COMMERCIAL CONTRACTS: The effectiveness of contractual exclusion clauses.

COMMERCIAL CONTRACTS: The effectiveness of contractual exclusion clauses.

A Consumer is defined as “an individual acting for purposes that are wholly or mainly outside that individual’s trade, business, craft or profession”. Consumers must be treated fairly at all times, and when dealing with them your terms and conditions must be transparent, fair and in plain English.  There are various pieces of legislation which state this including the Consumer Rights Act 2015 and the Consumer Protection from Unfair Trading Regulations 2008.  A term in a Consumer contract or notice is unfair if it creates a significant imbalance in the rights of the parties, to the detriment of the Consumer, and is contrary to a requirement of good faith. This test applies to all terms except those setting the price or describing the main subject matter of the contract.  However, all written terms must be transparent and in plain and intelligible language, to ensure that Consumers can make an informed choice about whether or not to enter the contract.  The Act makes certain terms automatically unfair (the "black list") and provides a number of examples of terms that might be unfair (the "grey list"). The Competition and Markets Authority has produced detailed guidance

When it comes to business to business (B2B) contracts, there is much less emphasis on the general principle of fairness, and the starting point will always be the wording of the contract itself. However, there is a piece of legislation called the Unfair Contract Terms Act 1977 (UCTA) which does allow for certain clauses in B2B contracts to be challenged. Despite the name of the legislation in fact the only types of clauses which can be challenged under UCTA are those purporting to limit (limitation clauses) or exclude liability (exclusion clauses).

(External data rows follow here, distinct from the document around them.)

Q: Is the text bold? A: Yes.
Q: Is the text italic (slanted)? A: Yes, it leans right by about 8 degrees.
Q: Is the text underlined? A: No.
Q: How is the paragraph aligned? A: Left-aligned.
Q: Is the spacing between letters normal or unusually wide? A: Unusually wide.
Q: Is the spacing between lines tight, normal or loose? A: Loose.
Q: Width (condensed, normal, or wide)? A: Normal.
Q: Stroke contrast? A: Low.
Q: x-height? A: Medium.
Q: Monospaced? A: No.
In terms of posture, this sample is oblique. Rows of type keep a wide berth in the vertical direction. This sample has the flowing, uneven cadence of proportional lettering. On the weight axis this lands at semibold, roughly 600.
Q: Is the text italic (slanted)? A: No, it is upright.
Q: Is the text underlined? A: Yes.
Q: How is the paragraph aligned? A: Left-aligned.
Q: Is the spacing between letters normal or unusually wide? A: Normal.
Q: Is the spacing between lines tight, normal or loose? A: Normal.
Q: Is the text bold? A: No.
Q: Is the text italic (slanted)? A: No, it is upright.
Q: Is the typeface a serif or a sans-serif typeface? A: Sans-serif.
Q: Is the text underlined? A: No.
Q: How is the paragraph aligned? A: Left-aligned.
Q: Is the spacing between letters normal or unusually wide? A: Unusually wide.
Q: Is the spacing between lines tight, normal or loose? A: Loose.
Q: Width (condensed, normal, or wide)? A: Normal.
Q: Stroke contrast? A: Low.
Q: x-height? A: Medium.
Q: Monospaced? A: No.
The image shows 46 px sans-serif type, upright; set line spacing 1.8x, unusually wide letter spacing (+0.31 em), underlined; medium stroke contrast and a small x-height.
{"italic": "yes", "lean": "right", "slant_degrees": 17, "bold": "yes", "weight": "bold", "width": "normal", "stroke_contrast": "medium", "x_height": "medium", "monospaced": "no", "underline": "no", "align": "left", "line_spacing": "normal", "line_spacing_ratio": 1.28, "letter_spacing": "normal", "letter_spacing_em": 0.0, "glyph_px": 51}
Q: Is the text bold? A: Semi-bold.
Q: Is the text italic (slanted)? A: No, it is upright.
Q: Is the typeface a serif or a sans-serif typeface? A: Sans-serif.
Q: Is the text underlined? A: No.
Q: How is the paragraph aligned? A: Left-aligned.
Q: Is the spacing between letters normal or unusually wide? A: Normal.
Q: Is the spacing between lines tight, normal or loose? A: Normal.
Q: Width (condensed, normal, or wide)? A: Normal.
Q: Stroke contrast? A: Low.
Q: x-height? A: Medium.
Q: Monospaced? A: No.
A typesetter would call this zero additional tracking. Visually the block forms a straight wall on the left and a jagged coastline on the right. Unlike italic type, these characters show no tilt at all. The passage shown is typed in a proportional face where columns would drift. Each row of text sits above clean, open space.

UCTA states that a clause that limits liability for death or personal injury as a result of negligence is ineffective. In addition, it makes limitation and exclusion clauses capable of challenge and subject to a test of reasonableness. There are various factors which determine whether a clause is reasonable, and these include (amongst others):

  • The size and bargaining position of the parties
  • The parties’ ability to insure against the limited/excluded liability
  • The breadth/scope of the limitation/exclusion
  • The amount involved/excluded
  • Are the T+Cs standard or non-negotiable terms?
  • Has legal advice been obtained?

In a recent case, regarding a B2B contract, the High Court found in favour of the defendant (D), who had counterclaimed against the claimant (C).  D’s argument was that an exclusion clause in the contract meant that C’s "loss of profit" could not be claimed.

There were in fact two contracts, both with an identical exclusion clause excluding D’s liability for breach of contract which fell into certain categories, one of which being "loss of profit". C argued, under UCTA, that the contracts formed part of D's written standard terms of business and the exclusion clause did not meet the requirement of "reasonableness". The judge felt the contract used was not the standard terms of business under UCTA, and for UCTA to apply the standard terms need to be "effectively untouched". Here extensive negotiations had taken place, involving email exchanges and calls, and both parties had access to legal advice. The court felt that material changes had been made to the standard terms, even though the exclusion clause itself was not altered.

The judge emphasised that in each and every case it is always a question of both the specific wording of the clause, and the factual background, as to whether the exclusion clause covers the breach or the loss in question. Here the judge felt the exclusion clause was both clear and unambiguous, and the words "loss of profit" meant just that.